## TO DO
Return only those lines of the listing in which "height" appears.
Content starts
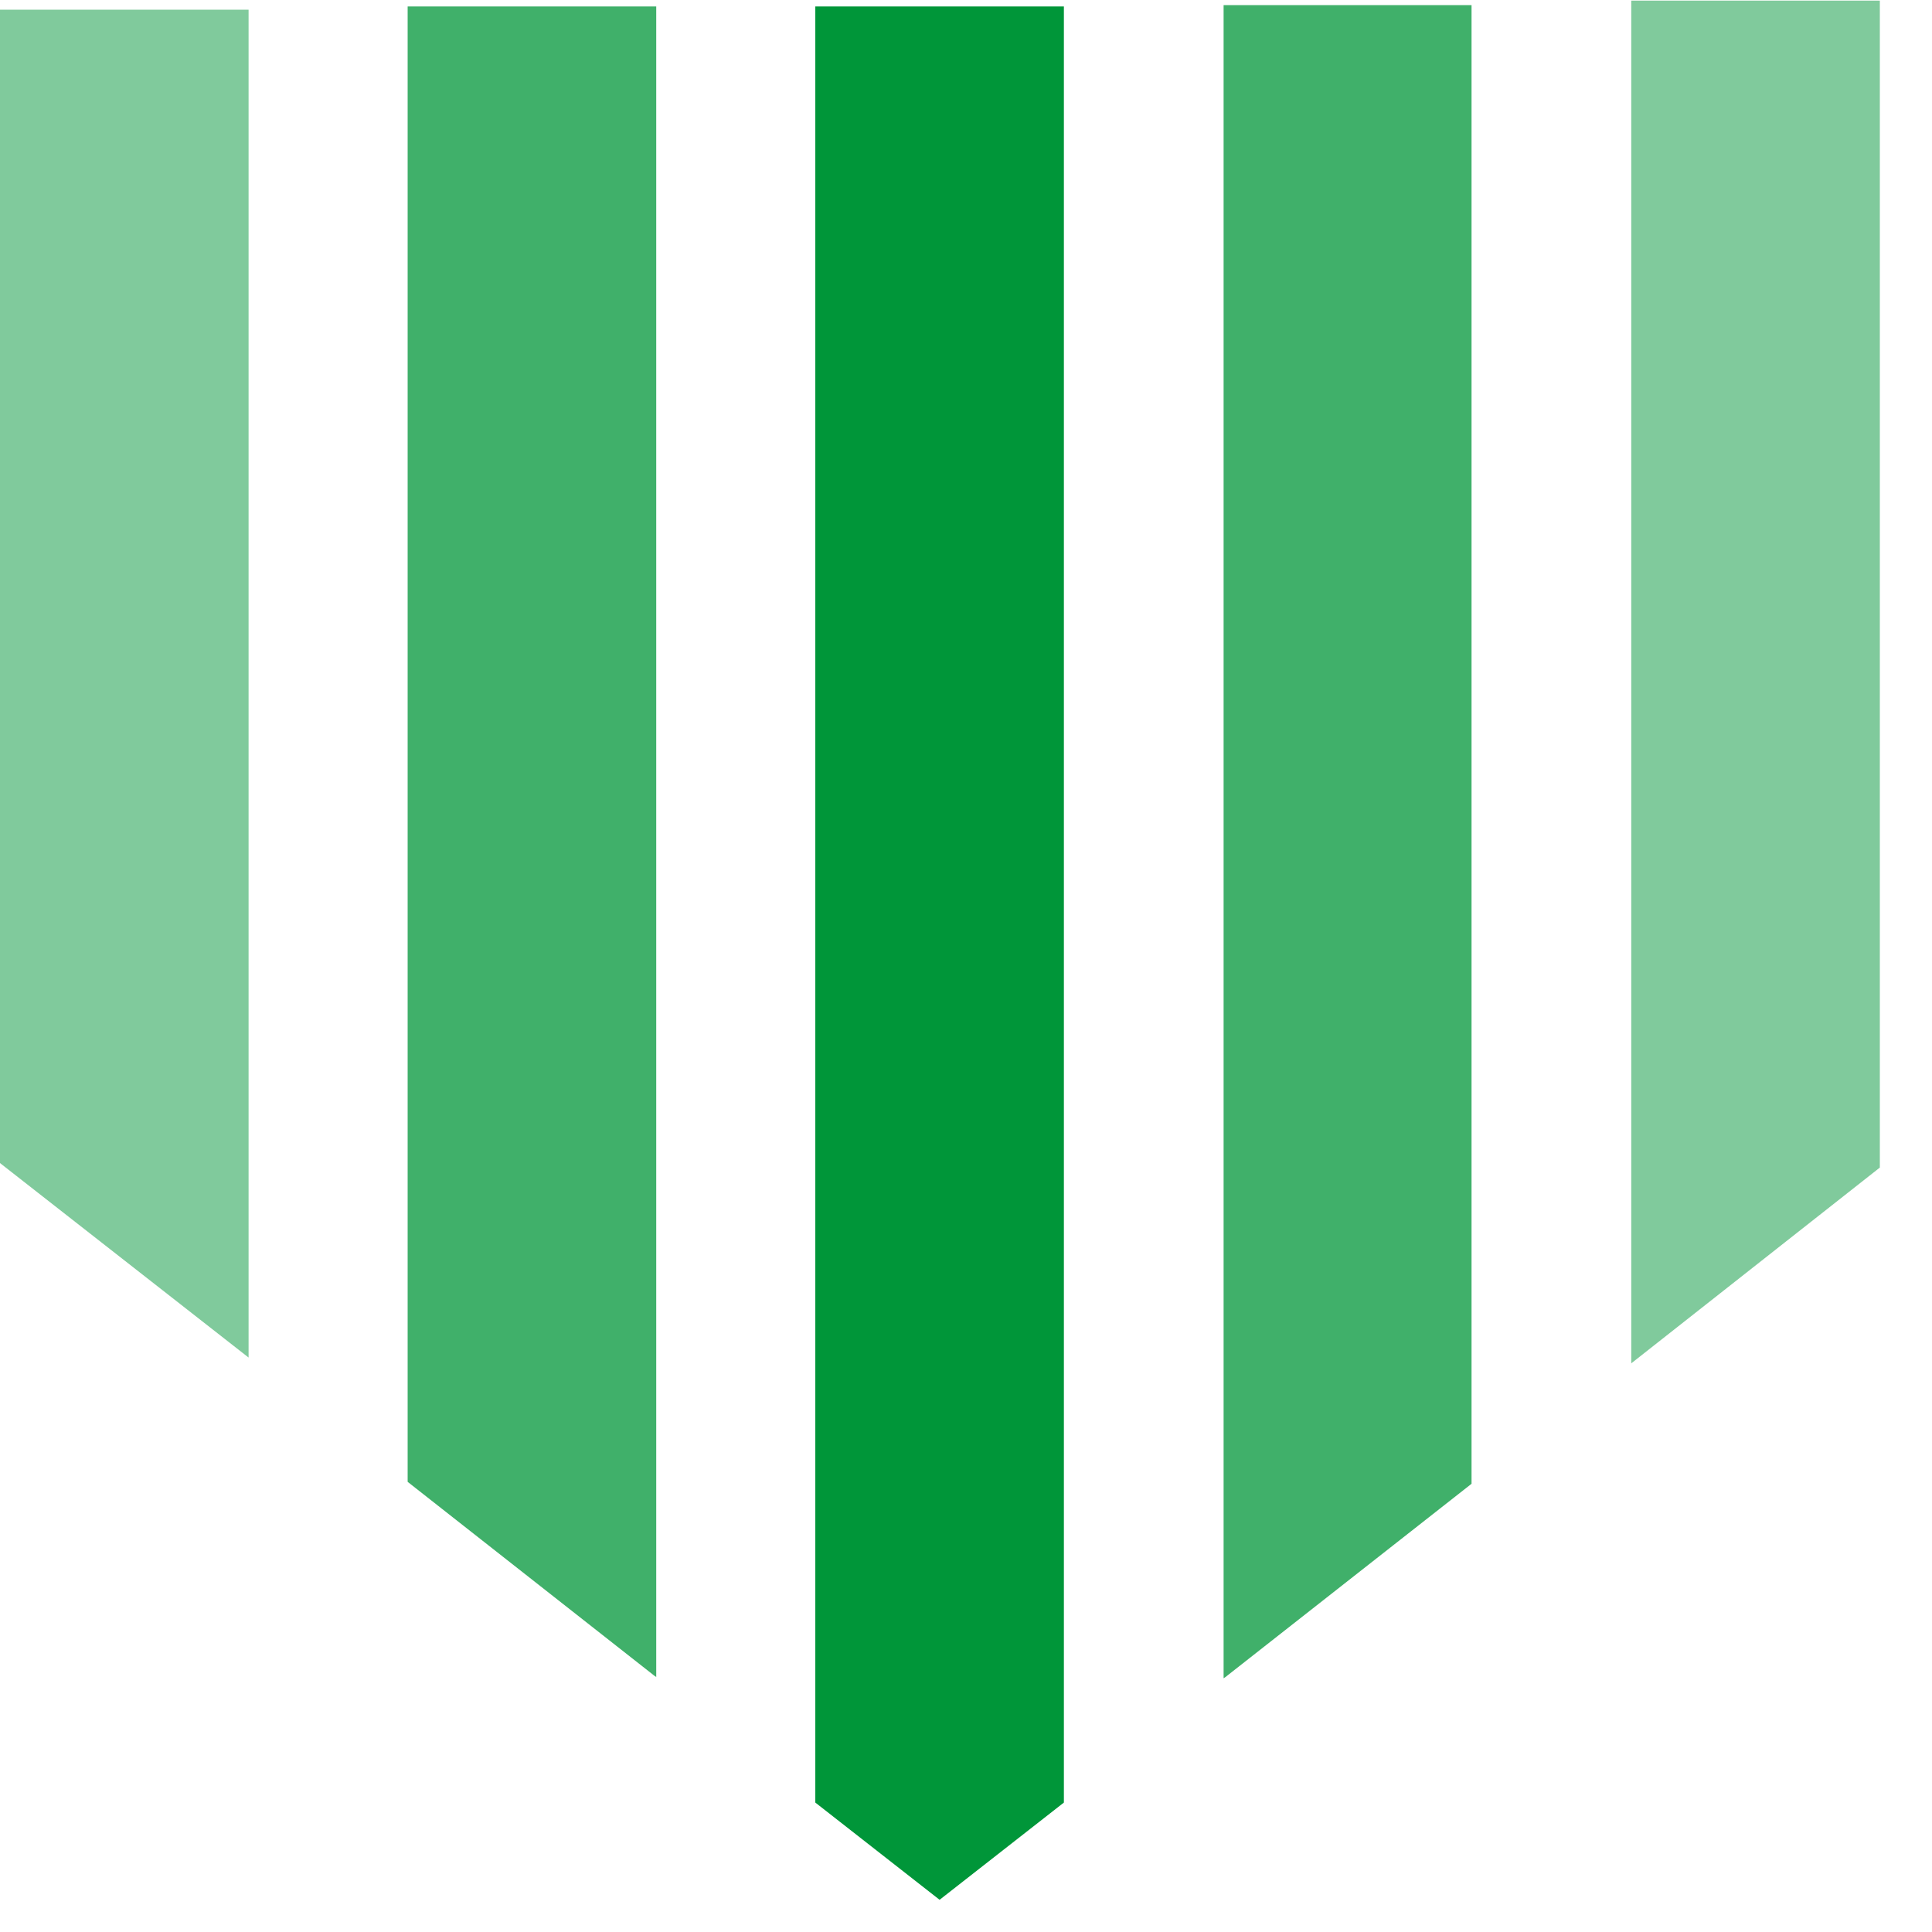 <?xml version="1.0" encoding="UTF-8"?>
<svg width="30px" height="30px" viewBox="0 0 30 30" version="1.1" xmlns="http://www.w3.org/2000/svg" xmlns:xlink="http://www.w3.org/1999/xlink">
    <title>liabilitylog</title>
    <g id="Maquettes" stroke="none" stroke-width="1" fill="none" fill-rule="evenodd">
        <g id="liabilitylog" transform="translate(0, 0.01)" fill-rule="nonzero">
            <polygon id="Path" fill="#80CA9C" points="29.19 0 29.19 18.12 25.33 21.16 25.33 0"></polygon>
            <polygon id="Path" fill="#40B06A" points="22.85 0.07 22.85 23.03 19.03 26.03 19 26.05 19 0.07"></polygon>
            <polygon id="Path" fill="#009639" points="16.52 27.98 14.59 29.49 12.66 27.98 12.66 0.09 16.52 0.09"></polygon>
            <polygon id="Path" fill="#40B06A" points="10.19 0.09 10.19 26.03 10.16 26.01 6.33 23 6.33 0.09"></polygon>
            <polygon id="Path" fill="#80CA9C" points="3.86 0.14 3.86 21.07 0 18.05 0 0.14"></polygon>
        </g>
    </g>
</svg>
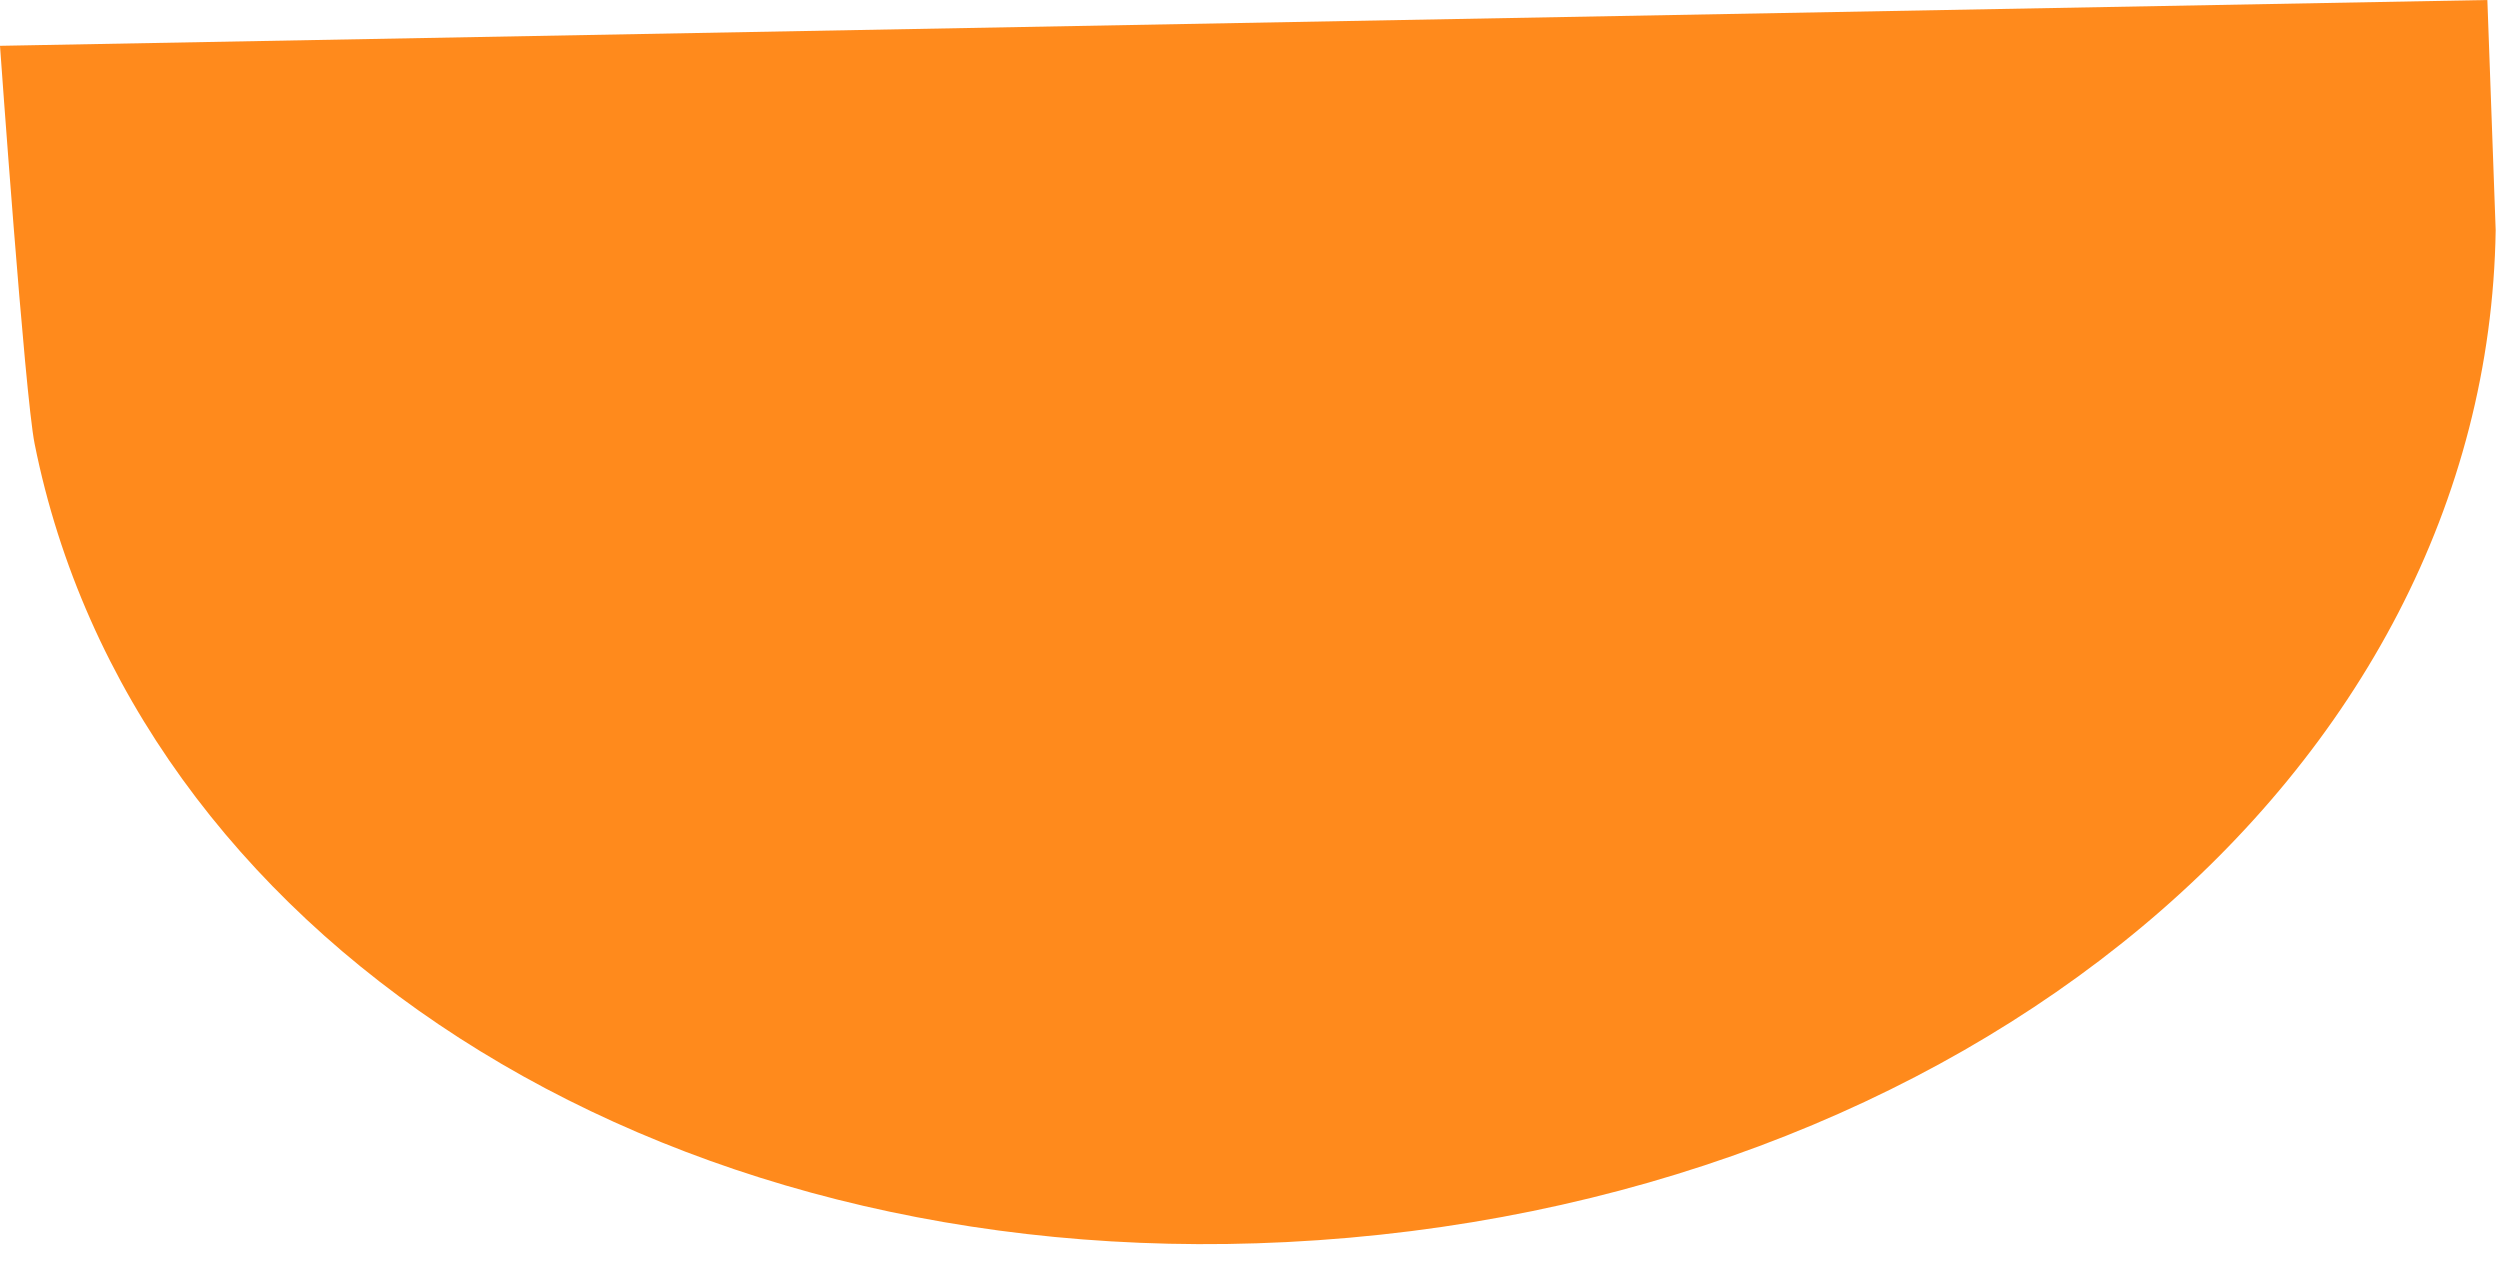 <?xml version="1.0" encoding="utf-8"?>
<svg xmlns="http://www.w3.org/2000/svg" fill="none" height="100%" overflow="visible" preserveAspectRatio="none" style="display: block;" viewBox="0 0 37 19" width="100%">
<path d="M0 0.678C0 0.678 0.367 5.843 0.512 6.566C1.96 13.799 9.656 18.854 19.037 18.383C29.043 17.88 36.812 11.455 36.936 3.407L36.813 0L0 0.678Z" fill="#FF8A1C" id="Vector"/>
</svg>
Content ends
## TASK RESPONSE
<svg width="30px" height="30px" viewBox="0 0 30 30" version="1.1" xmlns="http://www.w3.org/2000/svg" xmlns:xlink="http://www.w3.org/1999/xlink">
<svg xmlns="http://www.w3.org/2000/svg" fill="none" height="100%" overflow="visible" preserveAspectRatio="none" style="display: block;" viewBox="0 0 37 19" width="100%">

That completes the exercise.